ECCO has hired Galileo Works, a development and construction works group that helped construct affordable housing complexes in New York City’s South Bronx.

“We are bringing the same model of affordable housing that [Galileo] used in South Bronx on a larger scale to New Haven,” Dexter said.

Dexter said Goody Clancy, the Boston-based architecture firm working on the project, is doing a great job.

“The architects have designed homes that really catch the vernacular architecture of Fair Haven,” Dexter said.

Dexter added that the first apartments will become available in early summer, but the entire project will take one-and-a-half years to complete.

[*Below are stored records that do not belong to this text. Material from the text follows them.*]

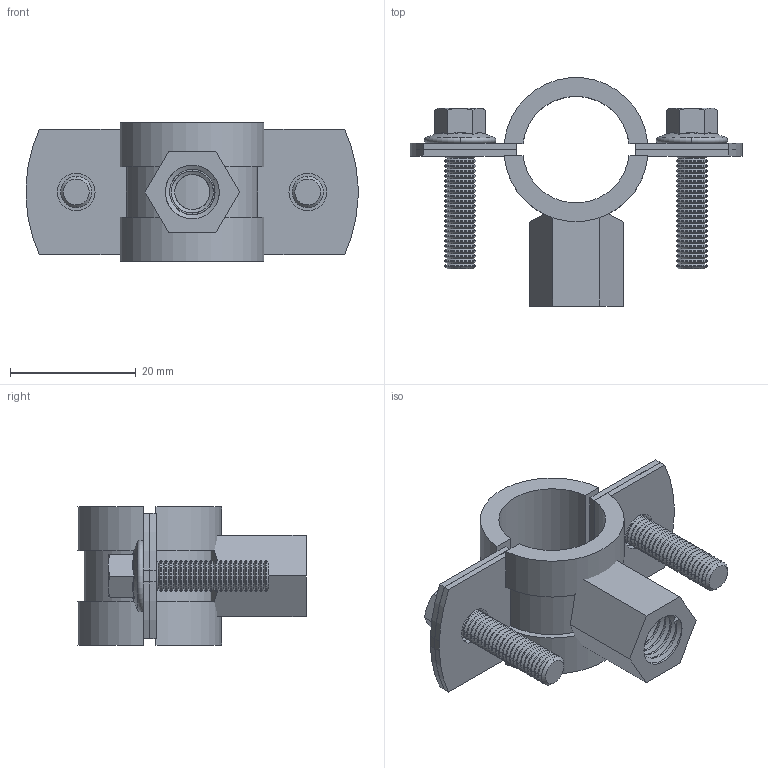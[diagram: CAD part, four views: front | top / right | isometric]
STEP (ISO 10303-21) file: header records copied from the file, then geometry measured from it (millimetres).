
FILE_DESCRIPTION (( 'STEP AP214' ), '1' );
FILE_NAME ('R511-018.STEP', '2024-09-05T14:53:42', ( '' ), ( '' ), 'SwSTEP 2.0', 'SolidWorks 2024', '' );
FILE_SCHEMA (( 'AUTOMOTIVE_DESIGN' ));
Length unit declared in the file: millimetre
Products named in the file (4): R511-018; 19mm Clamp; hex flange bolt small_bsi_BS EN ISO 4162 - M5 x 20 x 20-S; M8 -M10 Nut
Assembly tree (4 placements, depth 2):
  R511-018
    19mm Clamp
    M8 -M10 Nut
    hex flange bolt small_bsi_BS EN ISO 4162 - M5 x 20 x 20-S  x2
Bounding box: 52.9 x 36.36 x 22 mm (x, y, z)
Volume: 7416.5 mm3; surface area: 8711.4 mm2
Topology: 5 solids, 5 shells, 454 faces, 1183 edges, 742 vertices
Faces by surface type: cone 212, cylinder 157, plane 63, bspline 18, torus 4
Entity records: 11098 total; most frequent: CARTESIAN_POINT 4049, DIRECTION 1514, ORIENTED_EDGE 1474, EDGE_CURVE 737, AXIS2_PLACEMENT_3D 601, VERTEX_POINT 466, CIRCLE 325, VECTOR 312
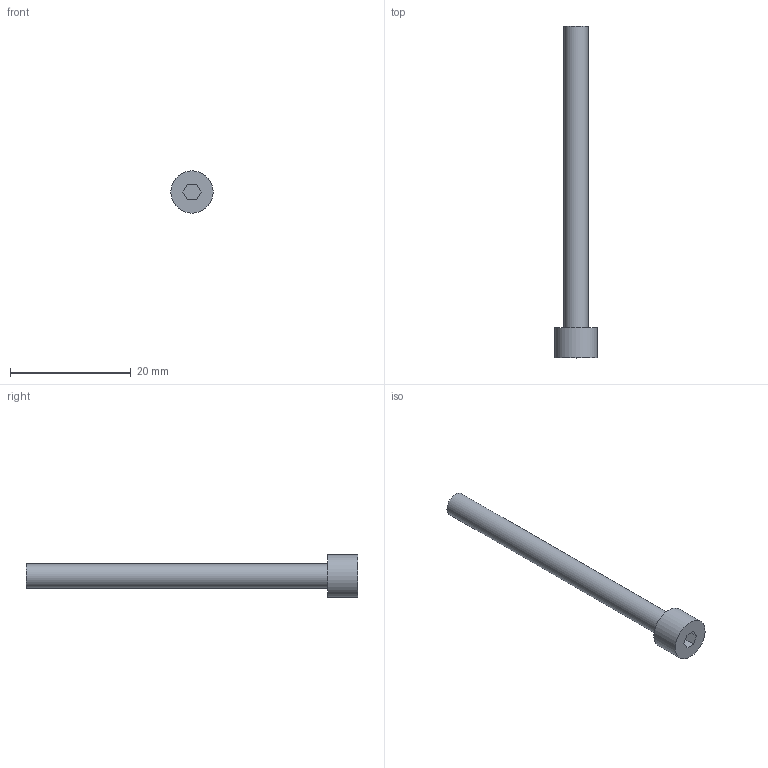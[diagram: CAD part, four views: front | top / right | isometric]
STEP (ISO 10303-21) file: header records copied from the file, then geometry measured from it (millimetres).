
FILE_DESCRIPTION(('FreeCAD Model'),'2;1');
FILE_NAME('Bolt_M4_50mm_08.step','2020-11-18T09:07:29',('Author'),(''), 'Open CASCADE STEP processor 7.3','FreeCAD','Unknown');
FILE_SCHEMA(('AUTOMOTIVE_DESIGN { 1 0 10303 214 1 1 1 1 }'));
Length unit declared in the file: millimetre
Products named in the file (1): Bolt_M4_50mm_008
Bounding box: 7 x 55 x 7 mm (x, y, z)
Volume: 803.2 mm3; surface area: 842.2 mm2
Topology: 1 solids, 1 shells, 12 faces, 24 edges, 16 vertices
Faces by surface type: plane 10, cylinder 2
Full cylindrical faces by diameter (mm): 4 x1, 7 x1
Entity records: 645 total; most frequent: DIRECTION 102, CARTESIAN_POINT 101, LINE 64, VECTOR 64, ORIENTED_EDGE 48, PCURVE 48, DEFINITIONAL_REPRESENTATION 48, EDGE_CURVE 24
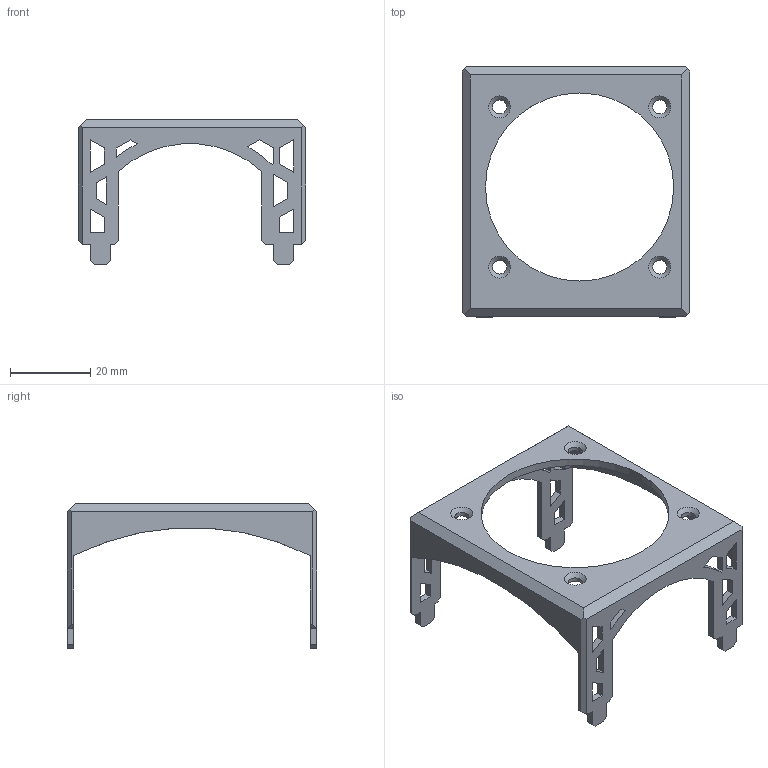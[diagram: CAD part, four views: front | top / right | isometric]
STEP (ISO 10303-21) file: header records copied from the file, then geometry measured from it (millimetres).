
FILE_DESCRIPTION(('STEP AP242'), '1');
FILE_NAME('Fan_mount_5010', '', ('UNSPECIFIED'), ('UNSPECIFIED'), 'C3D Converter', 'C3D Toolkit', '');
FILE_SCHEMA(('AP242_MANAGED_MODEL_BASED_3D_ENGINEERING_MIM_LF { 1 0 10303 442 1 1 4 }'));
Length unit declared in the file: millimetre
Bounding box: 56.9 x 62.4 x 36.2 mm (x, y, z)
Volume: 6780.3 mm3; surface area: 9271.6 mm2
Topology: 1 solids, 1 shells, 141 faces, 409 edges, 270 vertices
Faces by surface type: plane 124, cylinder 13, cone 4
Full cylindrical faces by diameter (mm): 3.5 x4, 47 x1
Entity records: 5771 total; most frequent: CARTESIAN_POINT 824, ORIENTED_EDGE 800, DIRECTION 710, EDGE_CURVE 400, LINE 366, VECTOR 366, VERTEX_POINT 270, EDGE_LOOP 192

Trinity Financial Corporation will build 144 additional rental apartment units on the same Quinnipiac River site. Dexter estimated that all 200 apartments will cost $85 million, which includes a $20 million grant from the U.S. Department of Housing and Urban Development and money from the State Department of Economic and Community Development, the City of New Haven, private organizations and churches.

Rev. Lillian Daniel, senior minister at Church of the Redeemer who serves as co-chairwoman of ECCO, said the organization has dreamed for years about building affordable housing.

“There’s no question that New Haven is gentrifying and that Fair Haven is gentrifying,” Daniel said. “As people of faith we don’t want to see the working poor get pushed out of that.”

But Rev. Daniel said the project will do more than create affordable housing units.

“By building homes, we’ll be introduced to a new group of people,” Daniel said. “We’ll develop new community leaders.”

Dexter said responses to the proposed development have been favorable so far.

“There’s been quite a lot of interest,” Dexter said. “People are excited to be able to buy new construction two-family homes near the water at an affordable price.”